Long-term use of oral bisphosphonates for preventing and treating osteoporosis may be associated with femur fractures, according to two studies.

In the first study of postmenopausal women with osteoporosis, some patients took bisphosphonates for four years or more; others took calcium and vitamin D supplements only. When used for at least four years, bisphosphonates were linked to an increase in the buckling ratio, reflecting a higher risk of fracture.

In anther study, researchers compared bone quality in biopsies from patients who had taken the drugs for several years with that of patients who did not take them. Of 21 women experiencing thigh bone fractures, 12 had taken the drugs for an average of 8.5 years; nine women had not taken them. The bisphosphonate group had “old” bone. Normally, bone is 20% old. The rate of 90% for old bone suggested that the body was not turning over bone; too much old bone lacks the ability to repair microdamage. As a result, the thigh bone can break with simple activity, such as climbing stairs.

Source: HealthDay News, March 11, 2010

Analgesics and Hearing Loss

The regular use of aspirin, acetaminophen, and nonsteroidal anti-inflammatory drugs (NSAIDs) may increase the risk of hearing impairment in men. Researchers surveyed almost 27,000 men 40 to 74 years of age in 1986 and every two years afterward. During 369,079 person-years of follow-up, 3,488 cases of impaired hearing were reported as follows:

  • Men who used aspirin regularly for one to four years were 28% more likely to experience hearing loss than those who did not use it regularly, but the risk did not increase with a longer duration of use.
  • Men who used NSAIDs or acetaminophen regularly for four or more years were 33% more likely to have impaired hearing than those not using these agents regularly.
  • For NSAIDs and acetaminophen, the risk of hearing loss increased with longer durations of regular use.

For each class of analgesic, the magnitude of the association shrank with age.

Although high-dose salicylates and NSAIDs have ototoxic effects, the relationship between acetaminophen and hearing loss has not been studied. The various classes of analgesics may impair hearing through different mechanisms.

Source: Am J Med 2010;123:231–237

Ranolazine (Ranexa) Could Be a Clue to Dyspnea

A 77-year-old man with chronic renal insufficiency was evaluated for moderate but progressive shortness of breath on exertion. Ranolazine (Ranexa, Gilead/CV Therapeutics), prescribed for angina, was determined to be the cause.

The patient had been taking medications for a variety of heart and renal conditions, including ranolazine, for the previous two months. Although he had reported some mild fatigue during the previous two years, his breathing problems had worsened within the previous two months. Pulse oximetry was 95% while he was sitting but dropped to 88% after he had walked 80 feet. After he was sitting again, it returned to 95%.
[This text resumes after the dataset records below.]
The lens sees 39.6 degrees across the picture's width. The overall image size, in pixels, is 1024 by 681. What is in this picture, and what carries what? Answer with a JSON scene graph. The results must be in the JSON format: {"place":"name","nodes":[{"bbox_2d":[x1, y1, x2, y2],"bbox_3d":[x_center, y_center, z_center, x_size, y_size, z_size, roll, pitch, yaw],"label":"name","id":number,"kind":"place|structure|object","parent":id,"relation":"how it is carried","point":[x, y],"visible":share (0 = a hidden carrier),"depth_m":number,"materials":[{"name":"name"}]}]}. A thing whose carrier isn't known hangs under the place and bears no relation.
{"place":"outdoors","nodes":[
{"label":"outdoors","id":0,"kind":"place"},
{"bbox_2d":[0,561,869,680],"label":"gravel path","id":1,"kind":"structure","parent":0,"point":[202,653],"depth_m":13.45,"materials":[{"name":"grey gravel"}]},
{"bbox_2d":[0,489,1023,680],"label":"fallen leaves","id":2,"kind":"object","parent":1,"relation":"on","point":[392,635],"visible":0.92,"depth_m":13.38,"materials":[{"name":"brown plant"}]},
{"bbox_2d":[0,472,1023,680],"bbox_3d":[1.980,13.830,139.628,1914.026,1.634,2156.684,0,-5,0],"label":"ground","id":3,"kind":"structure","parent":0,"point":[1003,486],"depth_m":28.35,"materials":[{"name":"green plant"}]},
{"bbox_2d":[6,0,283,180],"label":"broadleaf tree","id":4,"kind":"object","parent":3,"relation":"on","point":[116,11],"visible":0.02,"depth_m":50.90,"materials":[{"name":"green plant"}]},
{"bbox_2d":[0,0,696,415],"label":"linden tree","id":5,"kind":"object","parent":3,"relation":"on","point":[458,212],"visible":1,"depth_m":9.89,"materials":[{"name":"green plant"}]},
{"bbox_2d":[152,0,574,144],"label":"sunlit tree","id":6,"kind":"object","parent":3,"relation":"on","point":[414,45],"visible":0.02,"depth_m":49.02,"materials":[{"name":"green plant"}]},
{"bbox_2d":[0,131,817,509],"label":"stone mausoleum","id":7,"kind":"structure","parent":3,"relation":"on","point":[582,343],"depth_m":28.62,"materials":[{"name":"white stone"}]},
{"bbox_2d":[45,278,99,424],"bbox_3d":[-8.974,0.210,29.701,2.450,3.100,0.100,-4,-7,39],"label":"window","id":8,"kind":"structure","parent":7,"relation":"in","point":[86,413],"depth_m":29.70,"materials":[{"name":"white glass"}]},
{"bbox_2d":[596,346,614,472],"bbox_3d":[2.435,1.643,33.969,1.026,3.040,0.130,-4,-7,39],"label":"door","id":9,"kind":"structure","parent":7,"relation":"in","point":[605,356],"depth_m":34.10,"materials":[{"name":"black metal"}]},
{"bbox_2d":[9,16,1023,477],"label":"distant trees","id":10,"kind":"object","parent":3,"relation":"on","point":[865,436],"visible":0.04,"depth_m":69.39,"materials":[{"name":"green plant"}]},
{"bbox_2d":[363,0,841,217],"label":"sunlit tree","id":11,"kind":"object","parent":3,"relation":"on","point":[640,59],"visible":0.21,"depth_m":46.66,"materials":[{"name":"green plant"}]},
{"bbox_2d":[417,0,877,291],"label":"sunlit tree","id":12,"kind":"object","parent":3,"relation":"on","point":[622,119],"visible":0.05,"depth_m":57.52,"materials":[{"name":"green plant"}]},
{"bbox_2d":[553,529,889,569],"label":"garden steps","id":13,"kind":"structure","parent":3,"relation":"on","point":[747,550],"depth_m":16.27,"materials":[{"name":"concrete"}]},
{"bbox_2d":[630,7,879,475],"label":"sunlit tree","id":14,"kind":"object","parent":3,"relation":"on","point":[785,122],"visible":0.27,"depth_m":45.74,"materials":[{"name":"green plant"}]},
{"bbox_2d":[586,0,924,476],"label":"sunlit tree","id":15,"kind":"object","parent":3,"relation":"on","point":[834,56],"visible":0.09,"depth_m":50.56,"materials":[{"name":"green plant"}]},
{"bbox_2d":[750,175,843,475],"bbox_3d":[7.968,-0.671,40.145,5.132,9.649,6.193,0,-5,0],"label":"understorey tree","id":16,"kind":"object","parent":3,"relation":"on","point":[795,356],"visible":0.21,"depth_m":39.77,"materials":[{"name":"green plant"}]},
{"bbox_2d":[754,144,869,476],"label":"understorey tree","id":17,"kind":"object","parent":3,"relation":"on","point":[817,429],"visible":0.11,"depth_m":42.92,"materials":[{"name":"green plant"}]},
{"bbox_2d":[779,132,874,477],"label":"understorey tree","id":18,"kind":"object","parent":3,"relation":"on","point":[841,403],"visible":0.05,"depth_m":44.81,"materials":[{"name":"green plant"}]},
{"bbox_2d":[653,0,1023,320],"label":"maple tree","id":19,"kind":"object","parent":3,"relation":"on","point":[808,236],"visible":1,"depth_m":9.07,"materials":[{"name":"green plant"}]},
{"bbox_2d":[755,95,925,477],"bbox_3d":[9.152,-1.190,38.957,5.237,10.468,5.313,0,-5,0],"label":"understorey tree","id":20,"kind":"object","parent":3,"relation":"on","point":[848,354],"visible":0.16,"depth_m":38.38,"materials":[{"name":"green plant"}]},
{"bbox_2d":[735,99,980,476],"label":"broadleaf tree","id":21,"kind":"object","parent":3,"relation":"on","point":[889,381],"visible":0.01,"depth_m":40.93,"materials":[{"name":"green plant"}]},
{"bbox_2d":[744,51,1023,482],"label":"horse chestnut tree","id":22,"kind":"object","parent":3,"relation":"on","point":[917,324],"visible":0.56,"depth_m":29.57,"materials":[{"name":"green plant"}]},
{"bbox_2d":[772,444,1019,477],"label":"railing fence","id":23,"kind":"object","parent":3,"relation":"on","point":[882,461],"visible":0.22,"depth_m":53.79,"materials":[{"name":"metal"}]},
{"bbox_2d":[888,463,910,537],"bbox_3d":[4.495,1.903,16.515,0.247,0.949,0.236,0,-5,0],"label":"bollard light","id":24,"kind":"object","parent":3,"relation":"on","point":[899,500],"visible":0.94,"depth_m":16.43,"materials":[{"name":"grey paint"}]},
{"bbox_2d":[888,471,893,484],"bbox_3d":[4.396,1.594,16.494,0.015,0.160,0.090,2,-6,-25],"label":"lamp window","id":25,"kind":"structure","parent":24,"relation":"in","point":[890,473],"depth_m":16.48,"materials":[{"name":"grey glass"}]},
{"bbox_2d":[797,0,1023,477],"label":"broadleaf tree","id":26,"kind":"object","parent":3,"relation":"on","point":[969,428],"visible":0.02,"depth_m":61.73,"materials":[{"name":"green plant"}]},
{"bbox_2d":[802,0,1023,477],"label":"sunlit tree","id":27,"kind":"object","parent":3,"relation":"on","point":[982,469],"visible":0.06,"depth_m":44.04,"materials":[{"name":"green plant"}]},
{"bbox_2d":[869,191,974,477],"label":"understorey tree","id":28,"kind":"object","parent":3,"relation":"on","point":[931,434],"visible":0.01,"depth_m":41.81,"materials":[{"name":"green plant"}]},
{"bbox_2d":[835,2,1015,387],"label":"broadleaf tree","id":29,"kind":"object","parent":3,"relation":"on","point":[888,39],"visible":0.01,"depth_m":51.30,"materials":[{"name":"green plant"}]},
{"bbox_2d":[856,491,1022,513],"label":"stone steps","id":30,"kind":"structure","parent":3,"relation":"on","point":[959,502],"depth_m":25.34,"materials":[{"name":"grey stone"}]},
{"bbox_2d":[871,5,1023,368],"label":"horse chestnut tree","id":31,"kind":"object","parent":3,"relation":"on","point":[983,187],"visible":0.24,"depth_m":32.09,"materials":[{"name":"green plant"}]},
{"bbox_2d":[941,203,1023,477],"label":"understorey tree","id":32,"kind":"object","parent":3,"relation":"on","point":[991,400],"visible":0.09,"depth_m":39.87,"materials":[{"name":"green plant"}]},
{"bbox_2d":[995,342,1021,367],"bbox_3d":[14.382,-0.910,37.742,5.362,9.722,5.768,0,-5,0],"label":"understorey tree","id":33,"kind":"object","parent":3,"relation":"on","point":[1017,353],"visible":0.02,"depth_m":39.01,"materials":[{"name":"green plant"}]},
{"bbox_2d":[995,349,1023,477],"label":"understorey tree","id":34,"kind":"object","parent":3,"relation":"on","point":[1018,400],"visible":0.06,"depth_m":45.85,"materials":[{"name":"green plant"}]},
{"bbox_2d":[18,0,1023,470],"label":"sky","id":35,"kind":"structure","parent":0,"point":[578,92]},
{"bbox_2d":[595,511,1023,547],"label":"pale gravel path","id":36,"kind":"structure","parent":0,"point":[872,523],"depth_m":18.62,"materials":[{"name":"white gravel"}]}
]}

A cardiologist had prescribed ranolazine for a nonrevascularized left anterior descending arterial lesion and the initial symptoms of fatigue. A piperazine derivative, ranolazine is the first of a new class of drugs approved to treat chronic stable angina pectoris; it also improves exercise tolerance. Because the onset of symptoms appeared to coincide with ranolazine therapy, the drug was discontinued. One month later, symptoms had resolved.
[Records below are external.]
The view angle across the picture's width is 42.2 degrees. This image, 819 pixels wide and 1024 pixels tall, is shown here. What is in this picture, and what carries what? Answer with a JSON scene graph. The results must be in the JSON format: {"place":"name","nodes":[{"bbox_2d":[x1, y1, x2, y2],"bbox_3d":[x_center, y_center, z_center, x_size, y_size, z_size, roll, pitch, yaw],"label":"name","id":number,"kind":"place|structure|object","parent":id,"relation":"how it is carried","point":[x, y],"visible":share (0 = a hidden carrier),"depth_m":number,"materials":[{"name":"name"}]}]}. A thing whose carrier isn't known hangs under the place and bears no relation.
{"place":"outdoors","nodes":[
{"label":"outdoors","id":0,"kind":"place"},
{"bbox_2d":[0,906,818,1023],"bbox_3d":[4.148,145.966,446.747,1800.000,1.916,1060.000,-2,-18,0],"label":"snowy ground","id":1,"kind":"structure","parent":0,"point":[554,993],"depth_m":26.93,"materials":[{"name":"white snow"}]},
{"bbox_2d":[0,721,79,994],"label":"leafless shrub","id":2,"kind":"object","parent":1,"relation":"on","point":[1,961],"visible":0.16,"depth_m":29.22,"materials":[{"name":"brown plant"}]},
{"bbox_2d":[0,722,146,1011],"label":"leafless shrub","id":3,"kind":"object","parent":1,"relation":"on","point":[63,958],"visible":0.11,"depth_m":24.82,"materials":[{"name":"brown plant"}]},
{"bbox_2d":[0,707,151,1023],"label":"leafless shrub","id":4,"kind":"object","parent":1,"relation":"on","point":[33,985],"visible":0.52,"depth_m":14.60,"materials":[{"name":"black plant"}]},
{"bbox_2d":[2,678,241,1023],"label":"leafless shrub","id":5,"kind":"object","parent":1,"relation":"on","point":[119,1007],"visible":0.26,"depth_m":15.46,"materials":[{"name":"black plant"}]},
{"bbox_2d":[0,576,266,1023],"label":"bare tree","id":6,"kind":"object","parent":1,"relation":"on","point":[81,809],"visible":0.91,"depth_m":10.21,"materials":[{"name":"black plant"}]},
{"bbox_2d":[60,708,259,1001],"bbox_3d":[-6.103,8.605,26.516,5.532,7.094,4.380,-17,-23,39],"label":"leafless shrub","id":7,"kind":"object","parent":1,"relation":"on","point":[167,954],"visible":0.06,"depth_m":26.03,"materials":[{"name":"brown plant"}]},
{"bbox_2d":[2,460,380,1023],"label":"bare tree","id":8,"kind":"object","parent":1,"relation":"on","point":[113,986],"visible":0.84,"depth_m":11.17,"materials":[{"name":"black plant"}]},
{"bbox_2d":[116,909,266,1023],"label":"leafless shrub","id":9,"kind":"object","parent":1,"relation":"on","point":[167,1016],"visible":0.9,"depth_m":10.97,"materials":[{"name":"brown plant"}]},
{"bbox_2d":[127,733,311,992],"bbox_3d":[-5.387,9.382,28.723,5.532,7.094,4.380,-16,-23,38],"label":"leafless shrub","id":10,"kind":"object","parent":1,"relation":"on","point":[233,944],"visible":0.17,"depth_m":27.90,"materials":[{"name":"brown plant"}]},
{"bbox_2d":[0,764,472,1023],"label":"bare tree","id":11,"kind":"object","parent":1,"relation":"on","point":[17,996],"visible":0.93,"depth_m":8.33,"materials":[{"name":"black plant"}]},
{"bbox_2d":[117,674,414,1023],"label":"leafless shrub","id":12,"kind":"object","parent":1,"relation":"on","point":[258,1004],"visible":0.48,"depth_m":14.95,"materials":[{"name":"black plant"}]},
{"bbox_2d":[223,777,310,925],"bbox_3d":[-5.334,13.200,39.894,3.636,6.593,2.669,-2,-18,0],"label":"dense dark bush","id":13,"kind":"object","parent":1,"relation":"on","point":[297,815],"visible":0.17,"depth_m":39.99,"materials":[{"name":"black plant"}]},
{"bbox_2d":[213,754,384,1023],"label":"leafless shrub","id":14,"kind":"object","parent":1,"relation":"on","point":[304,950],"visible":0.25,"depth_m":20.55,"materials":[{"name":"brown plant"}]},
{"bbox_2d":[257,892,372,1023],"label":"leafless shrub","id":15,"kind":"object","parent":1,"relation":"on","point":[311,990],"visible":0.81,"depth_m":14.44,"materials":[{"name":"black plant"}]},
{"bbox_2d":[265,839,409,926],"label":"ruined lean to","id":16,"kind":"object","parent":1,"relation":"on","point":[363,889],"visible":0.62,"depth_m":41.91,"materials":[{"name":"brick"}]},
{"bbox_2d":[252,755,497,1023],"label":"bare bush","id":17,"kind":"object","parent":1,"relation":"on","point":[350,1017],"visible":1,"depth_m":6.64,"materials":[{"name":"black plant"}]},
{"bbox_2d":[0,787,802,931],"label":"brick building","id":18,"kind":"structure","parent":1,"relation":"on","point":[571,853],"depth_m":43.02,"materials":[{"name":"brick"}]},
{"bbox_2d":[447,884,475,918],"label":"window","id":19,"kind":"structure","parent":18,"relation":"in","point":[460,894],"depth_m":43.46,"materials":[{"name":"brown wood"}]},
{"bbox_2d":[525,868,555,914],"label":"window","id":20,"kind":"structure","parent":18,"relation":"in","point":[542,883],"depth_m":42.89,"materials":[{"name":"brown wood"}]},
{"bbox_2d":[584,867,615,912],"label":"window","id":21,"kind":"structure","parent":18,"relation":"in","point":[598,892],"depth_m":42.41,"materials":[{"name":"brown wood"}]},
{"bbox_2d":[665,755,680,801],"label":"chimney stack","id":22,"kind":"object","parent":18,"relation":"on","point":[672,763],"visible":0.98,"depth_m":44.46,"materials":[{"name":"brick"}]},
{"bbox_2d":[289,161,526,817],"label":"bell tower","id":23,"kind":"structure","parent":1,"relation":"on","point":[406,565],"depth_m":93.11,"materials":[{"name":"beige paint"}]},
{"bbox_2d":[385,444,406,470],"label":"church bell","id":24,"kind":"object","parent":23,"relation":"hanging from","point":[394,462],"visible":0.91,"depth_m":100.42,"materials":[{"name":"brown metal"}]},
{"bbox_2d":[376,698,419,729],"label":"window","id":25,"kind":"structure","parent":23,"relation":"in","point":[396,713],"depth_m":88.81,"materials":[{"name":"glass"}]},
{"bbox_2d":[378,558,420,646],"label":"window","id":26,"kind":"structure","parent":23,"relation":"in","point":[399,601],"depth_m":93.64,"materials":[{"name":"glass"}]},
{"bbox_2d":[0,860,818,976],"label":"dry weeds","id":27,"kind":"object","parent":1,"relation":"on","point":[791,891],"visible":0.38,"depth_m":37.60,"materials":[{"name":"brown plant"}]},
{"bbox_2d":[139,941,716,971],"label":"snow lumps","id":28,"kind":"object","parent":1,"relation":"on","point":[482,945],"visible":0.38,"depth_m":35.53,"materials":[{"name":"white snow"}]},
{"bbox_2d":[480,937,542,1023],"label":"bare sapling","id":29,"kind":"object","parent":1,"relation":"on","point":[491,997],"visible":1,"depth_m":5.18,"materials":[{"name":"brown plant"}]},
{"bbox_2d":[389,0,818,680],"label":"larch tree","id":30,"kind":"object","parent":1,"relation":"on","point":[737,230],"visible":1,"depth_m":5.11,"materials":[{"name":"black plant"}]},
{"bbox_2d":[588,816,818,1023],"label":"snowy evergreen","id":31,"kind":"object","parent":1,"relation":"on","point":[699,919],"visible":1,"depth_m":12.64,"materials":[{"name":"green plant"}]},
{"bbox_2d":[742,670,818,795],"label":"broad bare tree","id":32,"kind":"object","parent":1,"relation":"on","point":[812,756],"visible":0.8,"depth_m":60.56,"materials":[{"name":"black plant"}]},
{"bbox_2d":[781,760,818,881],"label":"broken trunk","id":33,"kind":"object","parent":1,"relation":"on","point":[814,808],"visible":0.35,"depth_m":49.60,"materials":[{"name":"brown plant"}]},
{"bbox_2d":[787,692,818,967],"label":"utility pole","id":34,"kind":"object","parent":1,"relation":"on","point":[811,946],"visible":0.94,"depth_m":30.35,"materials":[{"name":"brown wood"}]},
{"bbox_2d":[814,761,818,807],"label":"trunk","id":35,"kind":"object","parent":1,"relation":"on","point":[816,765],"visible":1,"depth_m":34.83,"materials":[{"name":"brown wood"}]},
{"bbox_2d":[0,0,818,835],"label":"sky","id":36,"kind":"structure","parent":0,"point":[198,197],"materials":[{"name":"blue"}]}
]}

Adverse events include dizziness, constipation, peripheral edema, and cardiac complications. The authors believe that this is the first published case of dyspnea on exertion to be possibly associated with ranolazine that required withdrawal from therapy.

Source: Am J Geriatr Pharmacother 2010;8:73–76

Hormones Might Not Help the Heart in Early Menopause

Women who start short-term estrogen plus progestin hormonal therapy have a greater risk of coronary heart disease during the first few years of menopause. Does that risk ever disappear?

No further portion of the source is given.